The young man, who 20 years later would receive the only Diamond Record Award from the Guinness Book of World Records for selling more records in more languages than any other singer in musical history, replied simply, "Because I'm not a singer."
However, Julio took his song, "La vida sigue igual" (Life Goes On) and his voice to the Benidorm, Spain's top song festival, where he won the competition, launching what has been called "a serenade to the world that has never ended."
That serenade now includes 2,650 gold and platinum records and 77 albums, of which he has sold 260 million. His first recording in English, "1100 Bel Air Place," released in 1984, quickly went multiplatinum and became an important link between American and European music. Along with English and, of course, his native Spanish, he has recorded songs in Portuguese, French, German, Italian, Japanese, and Tagalog.

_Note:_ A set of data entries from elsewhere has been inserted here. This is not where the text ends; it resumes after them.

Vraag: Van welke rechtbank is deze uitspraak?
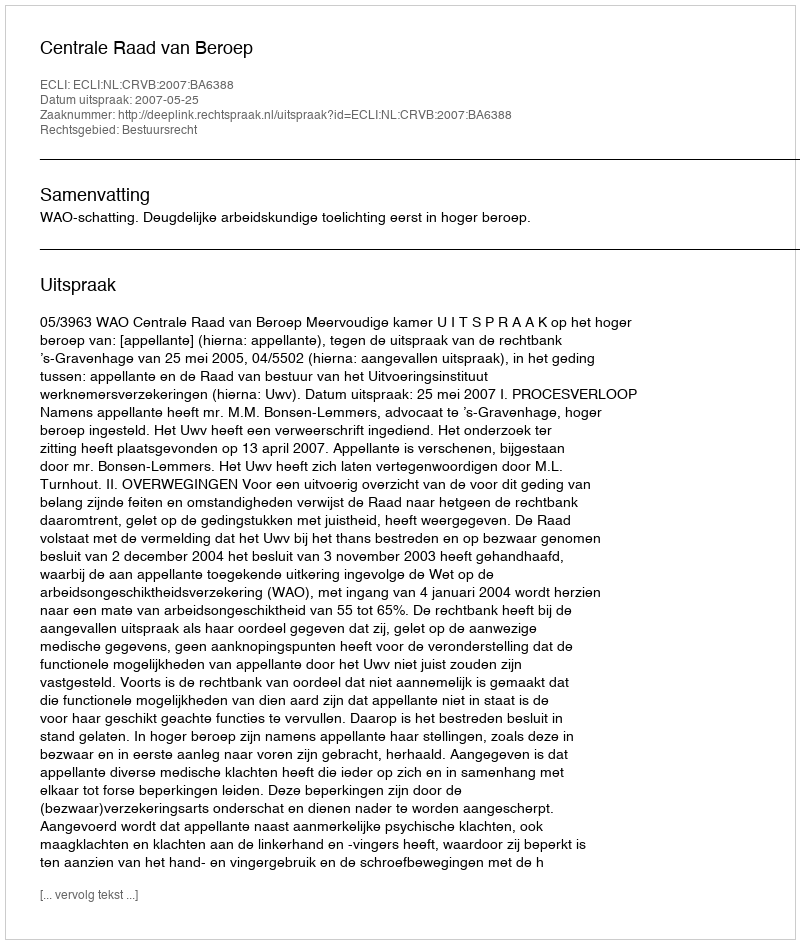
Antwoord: Centrale Raad van Beroep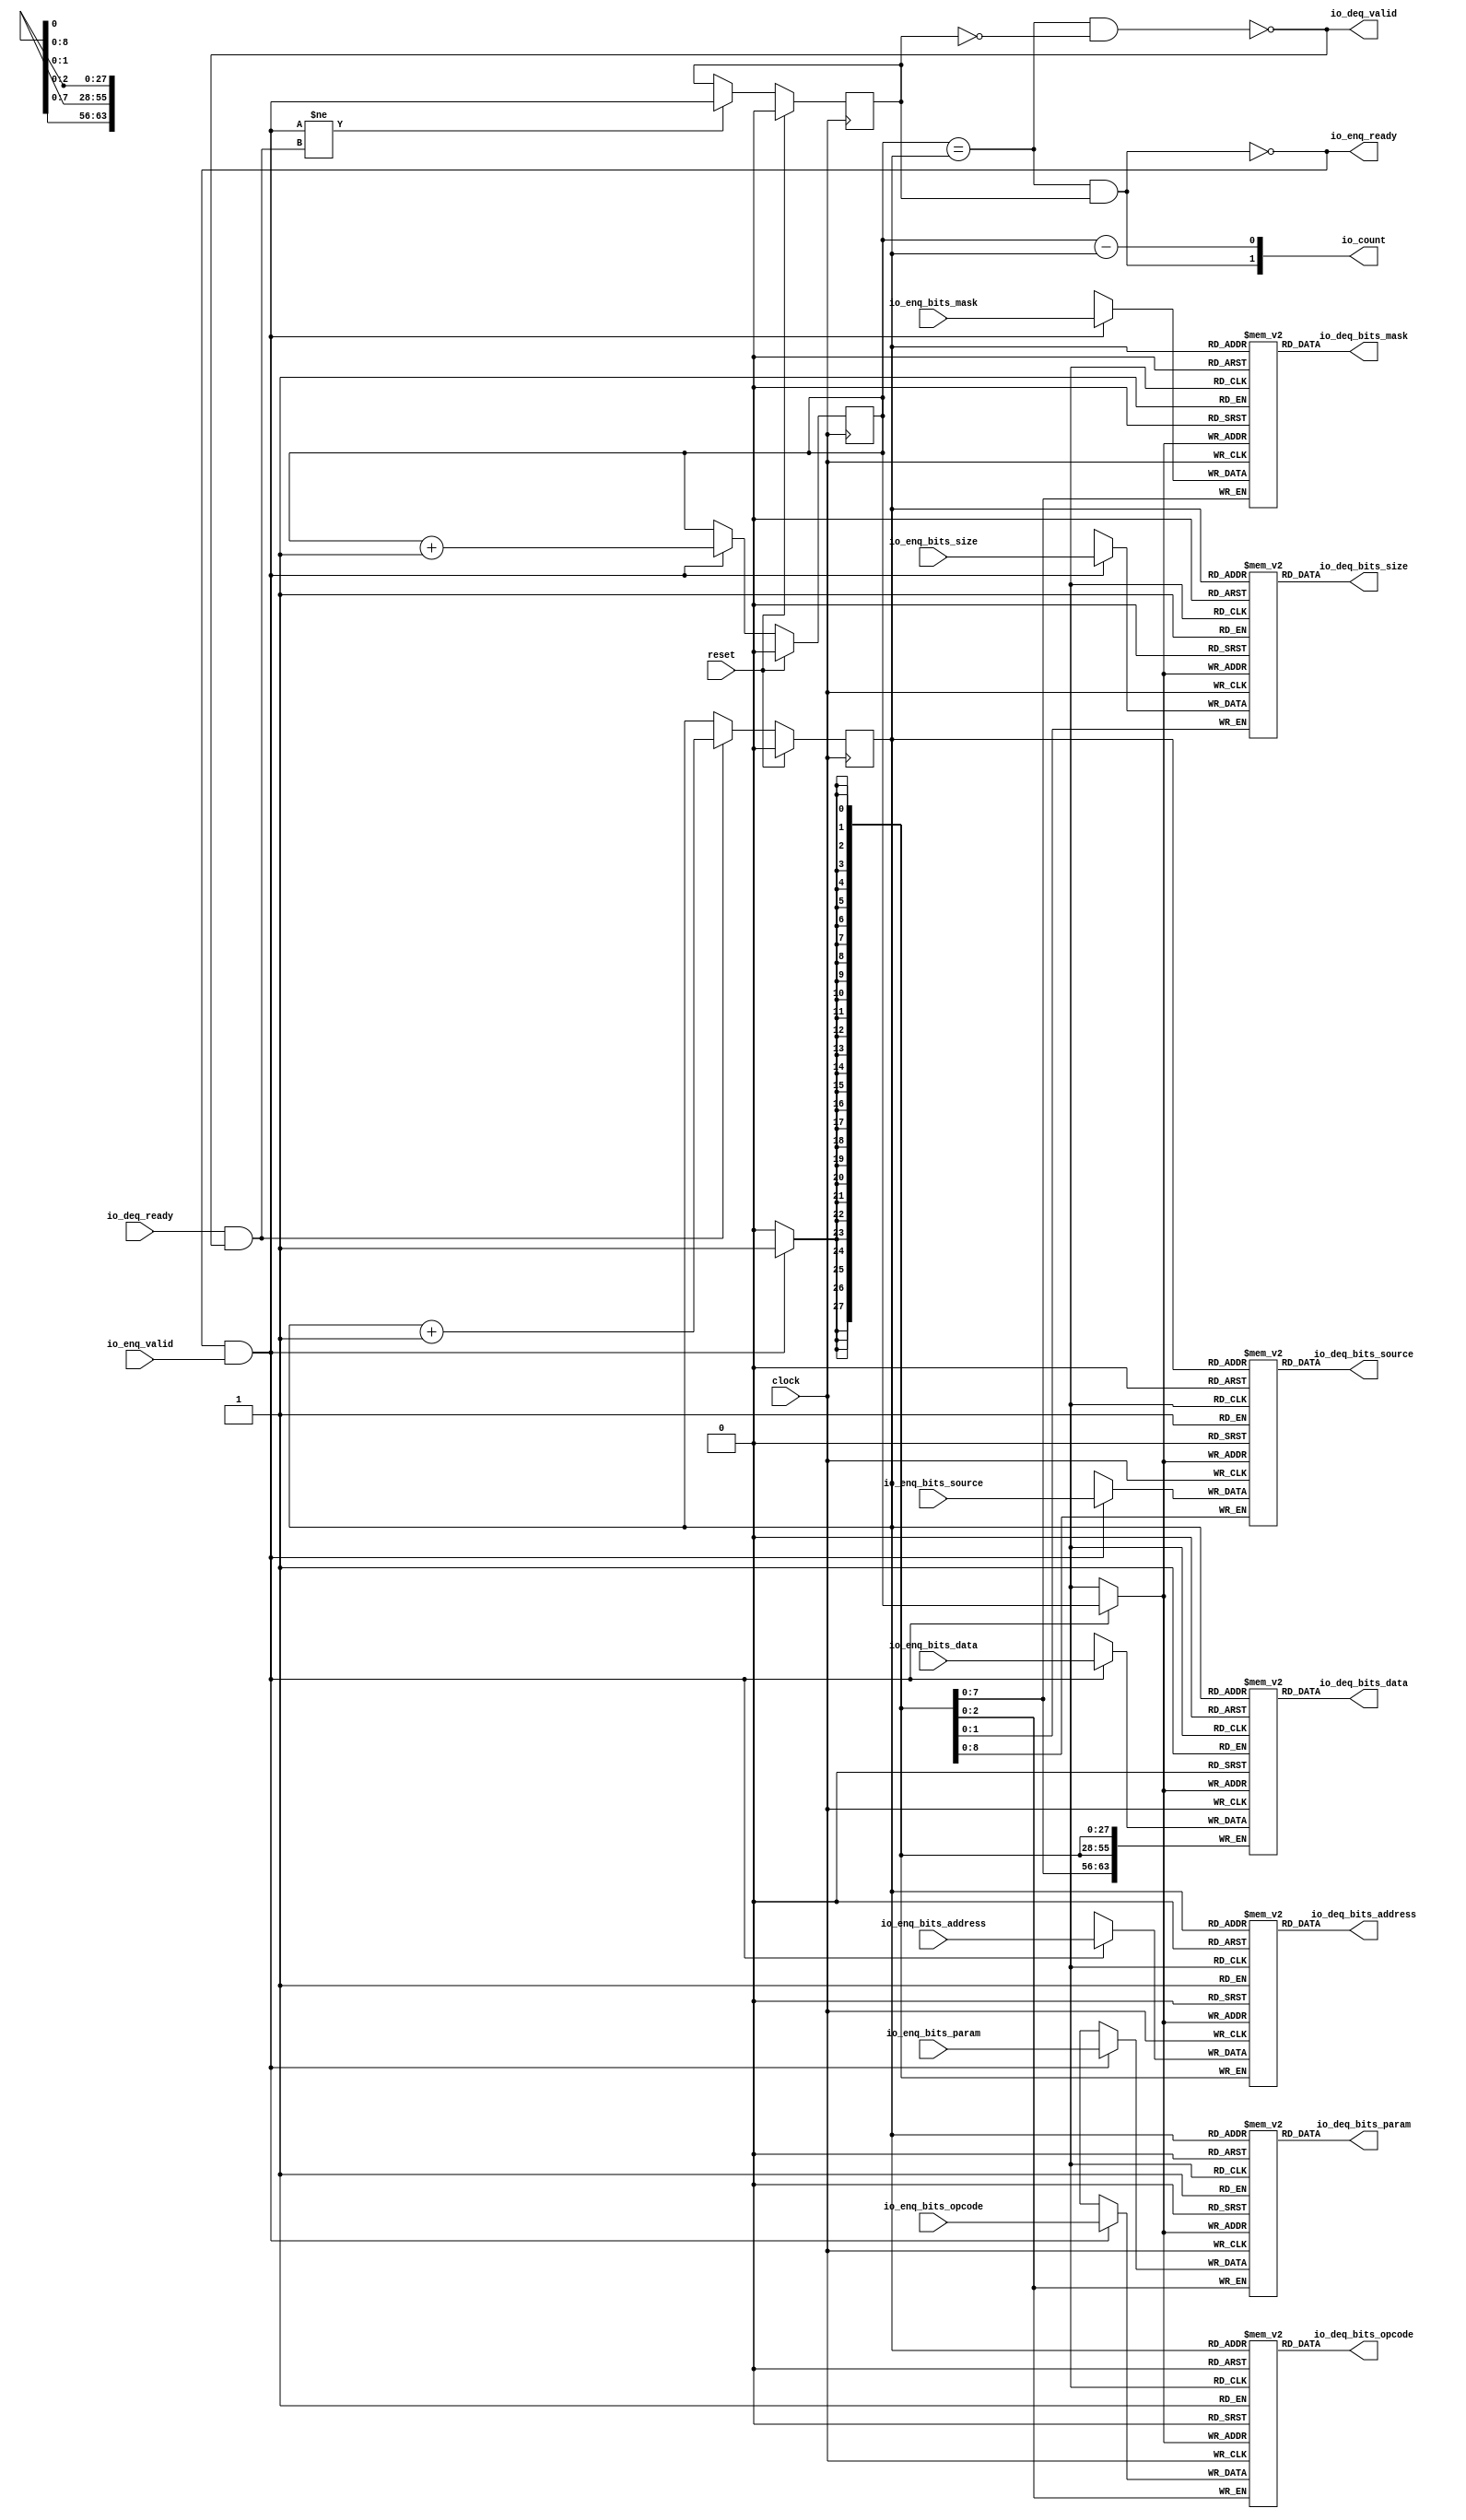
module Queue_28(
  input   clock,
  input   reset,
  output  io_enq_ready,
  input   io_enq_valid,
  input  [2:0] io_enq_bits_opcode,
  input  [2:0] io_enq_bits_param,
  input  [1:0] io_enq_bits_size,
  input  [8:0] io_enq_bits_source,
  input  [27:0] io_enq_bits_address,
  input  [7:0] io_enq_bits_mask,
  input  [63:0] io_enq_bits_data,
  input   io_deq_ready,
  output  io_deq_valid,
  output [2:0] io_deq_bits_opcode,
  output [2:0] io_deq_bits_param,
  output [1:0] io_deq_bits_size,
  output [8:0] io_deq_bits_source,
  output [27:0] io_deq_bits_address,
  output [7:0] io_deq_bits_mask,
  output [63:0] io_deq_bits_data,
  output [1:0] io_count
);
  reg [2:0] ram_opcode [0:1];
  reg [31:0] _GEN_0;
  wire [2:0] ram_opcode__T_110_data;
  wire  ram_opcode__T_110_addr;
  wire [2:0] ram_opcode__T_87_data;
  wire  ram_opcode__T_87_addr;
  wire  ram_opcode__T_87_mask;
  wire  ram_opcode__T_87_en;
  reg [2:0] ram_param [0:1];
  reg [31:0] _GEN_1;
  wire [2:0] ram_param__T_110_data;
  wire  ram_param__T_110_addr;
  wire [2:0] ram_param__T_87_data;
  wire  ram_param__T_87_addr;
  wire  ram_param__T_87_mask;
  wire  ram_param__T_87_en;
  reg [1:0] ram_size [0:1];
  reg [31:0] _GEN_2;
  wire [1:0] ram_size__T_110_data;
  wire  ram_size__T_110_addr;
  wire [1:0] ram_size__T_87_data;
  wire  ram_size__T_87_addr;
  wire  ram_size__T_87_mask;
  wire  ram_size__T_87_en;
  reg [8:0] ram_source [0:1];
  reg [31:0] _GEN_3;
  wire [8:0] ram_source__T_110_data;
  wire  ram_source__T_110_addr;
  wire [8:0] ram_source__T_87_data;
  wire  ram_source__T_87_addr;
  wire  ram_source__T_87_mask;
  wire  ram_source__T_87_en;
  reg [27:0] ram_address [0:1];
  reg [31:0] _GEN_4;
  wire [27:0] ram_address__T_110_data;
  wire  ram_address__T_110_addr;
  wire [27:0] ram_address__T_87_data;
  wire  ram_address__T_87_addr;
  wire  ram_address__T_87_mask;
  wire  ram_address__T_87_en;
  reg [7:0] ram_mask [0:1];
  reg [31:0] _GEN_5;
  wire [7:0] ram_mask__T_110_data;
  wire  ram_mask__T_110_addr;
  wire [7:0] ram_mask__T_87_data;
  wire  ram_mask__T_87_addr;
  wire  ram_mask__T_87_mask;
  wire  ram_mask__T_87_en;
  reg [63:0] ram_data [0:1];
  reg [63:0] _GEN_6;
  wire [63:0] ram_data__T_110_data;
  wire  ram_data__T_110_addr;
  wire [63:0] ram_data__T_87_data;
  wire  ram_data__T_87_addr;
  wire  ram_data__T_87_mask;
  wire  ram_data__T_87_en;
  reg  _T_76;
  reg [31:0] _GEN_7;
  reg  _T_78;
  reg [31:0] _GEN_8;
  reg  maybe_full;
  reg [31:0] _GEN_9;
  wire  _T_80;
  wire  _T_82;
  wire  _T_83;
  wire  _T_84;
  wire  _T_85;
  wire  do_enq;
  wire  _T_86;
  wire  do_deq;
  wire [1:0] _T_98;
  wire  _T_99;
  wire  _GEN_10;
  wire [1:0] _T_103;
  wire  _T_104;
  wire  _GEN_11;
  wire  _T_105;
  wire  _GEN_12;
  wire  _T_107;
  wire  _T_109;
  wire [1:0] _T_118;
  wire  _T_119;
  wire  _T_120;
  wire [1:0] _T_121;
  assign io_enq_ready = _T_109;
  assign io_deq_valid = _T_107;
  assign io_deq_bits_opcode = ram_opcode__T_110_data;
  assign io_deq_bits_param = ram_param__T_110_data;
  assign io_deq_bits_size = ram_size__T_110_data;
  assign io_deq_bits_source = ram_source__T_110_data;
  assign io_deq_bits_address = ram_address__T_110_data;
  assign io_deq_bits_mask = ram_mask__T_110_data;
  assign io_deq_bits_data = ram_data__T_110_data;
  assign io_count = _T_121;
  assign ram_opcode__T_110_addr = _T_78;
  assign ram_opcode__T_110_data = ram_opcode[ram_opcode__T_110_addr];
  assign ram_opcode__T_87_data = io_enq_bits_opcode;
  assign ram_opcode__T_87_addr = _T_76;
  assign ram_opcode__T_87_mask = do_enq;
  assign ram_opcode__T_87_en = do_enq;
  assign ram_param__T_110_addr = _T_78;
  assign ram_param__T_110_data = ram_param[ram_param__T_110_addr];
  assign ram_param__T_87_data = io_enq_bits_param;
  assign ram_param__T_87_addr = _T_76;
  assign ram_param__T_87_mask = do_enq;
  assign ram_param__T_87_en = do_enq;
  assign ram_size__T_110_addr = _T_78;
  assign ram_size__T_110_data = ram_size[ram_size__T_110_addr];
  assign ram_size__T_87_data = io_enq_bits_size;
  assign ram_size__T_87_addr = _T_76;
  assign ram_size__T_87_mask = do_enq;
  assign ram_size__T_87_en = do_enq;
  assign ram_source__T_110_addr = _T_78;
  assign ram_source__T_110_data = ram_source[ram_source__T_110_addr];
  assign ram_source__T_87_data = io_enq_bits_source;
  assign ram_source__T_87_addr = _T_76;
  assign ram_source__T_87_mask = do_enq;
  assign ram_source__T_87_en = do_enq;
  assign ram_address__T_110_addr = _T_78;
  assign ram_address__T_110_data = ram_address[ram_address__T_110_addr];
  assign ram_address__T_87_data = io_enq_bits_address;
  assign ram_address__T_87_addr = _T_76;
  assign ram_address__T_87_mask = do_enq;
  assign ram_address__T_87_en = do_enq;
  assign ram_mask__T_110_addr = _T_78;
  assign ram_mask__T_110_data = ram_mask[ram_mask__T_110_addr];
  assign ram_mask__T_87_data = io_enq_bits_mask;
  assign ram_mask__T_87_addr = _T_76;
  assign ram_mask__T_87_mask = do_enq;
  assign ram_mask__T_87_en = do_enq;
  assign ram_data__T_110_addr = _T_78;
  assign ram_data__T_110_data = ram_data[ram_data__T_110_addr];
  assign ram_data__T_87_data = io_enq_bits_data;
  assign ram_data__T_87_addr = _T_76;
  assign ram_data__T_87_mask = do_enq;
  assign ram_data__T_87_en = do_enq;
  assign _T_80 = _T_76 == _T_78;
  assign _T_82 = maybe_full == 1'h0;
  assign _T_83 = _T_80 & _T_82;
  assign _T_84 = _T_80 & maybe_full;
  assign _T_85 = io_enq_ready & io_enq_valid;
  assign do_enq = _T_85;
  assign _T_86 = io_deq_ready & io_deq_valid;
  assign do_deq = _T_86;
  assign _T_98 = _T_76 + 1'h1;
  assign _T_99 = _T_98[0:0];
  assign _GEN_10 = do_enq ? _T_99 : _T_76;
  assign _T_103 = _T_78 + 1'h1;
  assign _T_104 = _T_103[0:0];
  assign _GEN_11 = do_deq ? _T_104 : _T_78;
  assign _T_105 = do_enq != do_deq;
  assign _GEN_12 = _T_105 ? do_enq : maybe_full;
  assign _T_107 = _T_83 == 1'h0;
  assign _T_109 = _T_84 == 1'h0;
  assign _T_118 = _T_76 - _T_78;
  assign _T_119 = _T_118[0:0];
  assign _T_120 = maybe_full & _T_80;
  assign _T_121 = {_T_120,_T_119};
`ifdef RANDOMIZE
  integer initvar;
  initial begin
    `ifndef verilator
      #0.002 begin end
    `endif
  _GEN_0 = {1{$random}};
  `ifdef RANDOMIZE_MEM_INIT
  for (initvar = 0; initvar < 2; initvar = initvar+1)
    ram_opcode[initvar] = _GEN_0[2:0];
  `endif
  _GEN_1 = {1{$random}};
  `ifdef RANDOMIZE_MEM_INIT
  for (initvar = 0; initvar < 2; initvar = initvar+1)
    ram_param[initvar] = _GEN_1[2:0];
  `endif
  _GEN_2 = {1{$random}};
  `ifdef RANDOMIZE_MEM_INIT
  for (initvar = 0; initvar < 2; initvar = initvar+1)
    ram_size[initvar] = _GEN_2[1:0];
  `endif
  _GEN_3 = {1{$random}};
  `ifdef RANDOMIZE_MEM_INIT
  for (initvar = 0; initvar < 2; initvar = initvar+1)
    ram_source[initvar] = _GEN_3[8:0];
  `endif
  _GEN_4 = {1{$random}};
  `ifdef RANDOMIZE_MEM_INIT
  for (initvar = 0; initvar < 2; initvar = initvar+1)
    ram_address[initvar] = _GEN_4[27:0];
  `endif
  _GEN_5 = {1{$random}};
  `ifdef RANDOMIZE_MEM_INIT
  for (initvar = 0; initvar < 2; initvar = initvar+1)
    ram_mask[initvar] = _GEN_5[7:0];
  `endif
  _GEN_6 = {2{$random}};
  `ifdef RANDOMIZE_MEM_INIT
  for (initvar = 0; initvar < 2; initvar = initvar+1)
    ram_data[initvar] = _GEN_6[63:0];
  `endif
  `ifdef RANDOMIZE_REG_INIT
  _GEN_7 = {1{$random}};
  _T_76 = _GEN_7[0:0];
  `endif
  `ifdef RANDOMIZE_REG_INIT
  _GEN_8 = {1{$random}};
  _T_78 = _GEN_8[0:0];
  `endif
  `ifdef RANDOMIZE_REG_INIT
  _GEN_9 = {1{$random}};
  maybe_full = _GEN_9[0:0];
  `endif
  end
`endif
  always @(posedge clock) begin
    if(ram_opcode__T_87_en & ram_opcode__T_87_mask) begin
      ram_opcode[ram_opcode__T_87_addr] <= ram_opcode__T_87_data;
    end
    if(ram_param__T_87_en & ram_param__T_87_mask) begin
      ram_param[ram_param__T_87_addr] <= ram_param__T_87_data;
    end
    if(ram_size__T_87_en & ram_size__T_87_mask) begin
      ram_size[ram_size__T_87_addr] <= ram_size__T_87_data;
    end
    if(ram_source__T_87_en & ram_source__T_87_mask) begin
      ram_source[ram_source__T_87_addr] <= ram_source__T_87_data;
    end
    if(ram_address__T_87_en & ram_address__T_87_mask) begin
      ram_address[ram_address__T_87_addr] <= ram_address__T_87_data;
    end
    if(ram_mask__T_87_en & ram_mask__T_87_mask) begin
      ram_mask[ram_mask__T_87_addr] <= ram_mask__T_87_data;
    end
    if(ram_data__T_87_en & ram_data__T_87_mask) begin
      ram_data[ram_data__T_87_addr] <= ram_data__T_87_data;
    end
    if (reset) begin
      _T_76 <= 1'h0;
    end else begin
      if (do_enq) begin
        _T_76 <= _T_99;
      end
    end
    if (reset) begin
      _T_78 <= 1'h0;
    end else begin
      if (do_deq) begin
        _T_78 <= _T_104;
      end
    end
    if (reset) begin
      maybe_full <= 1'h0;
    end else begin
      if (_T_105) begin
        maybe_full <= do_enq;
      end
    end
  end
endmodule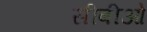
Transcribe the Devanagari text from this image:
सीबीओ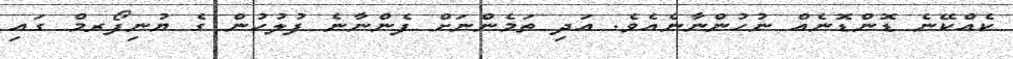
ކެއްކޭނެ ޑޮންޑޮނެއް ނުހުންނާނެއެވެ. އަދި ތަމެންނަށް ފެންނާނެ ފުލުހުން ގެ ޔުނިފޯރމް ގައި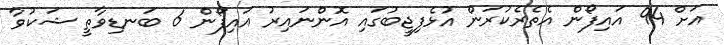
އަށް 94 އައިފޯން އެތެރެކުރަން އުޅެފިޖީބުގައި އޮންނައިރު އައިފޯން 6 ބަނޑިވާތީ ޝަކުވާ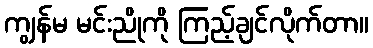
ကျွန်မ မင်းညိုကို ကြည့်ချင်လိုက်တာ။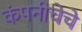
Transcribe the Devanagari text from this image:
कंपनीचेचे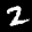
Label: 2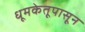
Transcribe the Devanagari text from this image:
धूमकेतूपासून

In the recording studio he is a meticulous artist, a sharp critic of himself, evaluating each note and word for its overall effect. The result of such vigilance is reflected in the fact that his most recent album, his 77th, may prove to be his most significant. He has co-written ten songs with Estefano and added songs by Ruben Blades, Robi Rosa, and Alejandro Sanz. Julio has never rested on his laurels.
Julio never became that professional soccer player or that career diplomat, but in 1989, he was appointed Special Representative for the Performing Arts for UNICEF, a position he cherishes, because it presents an opportunity to give something back to a world that has been so generous to him.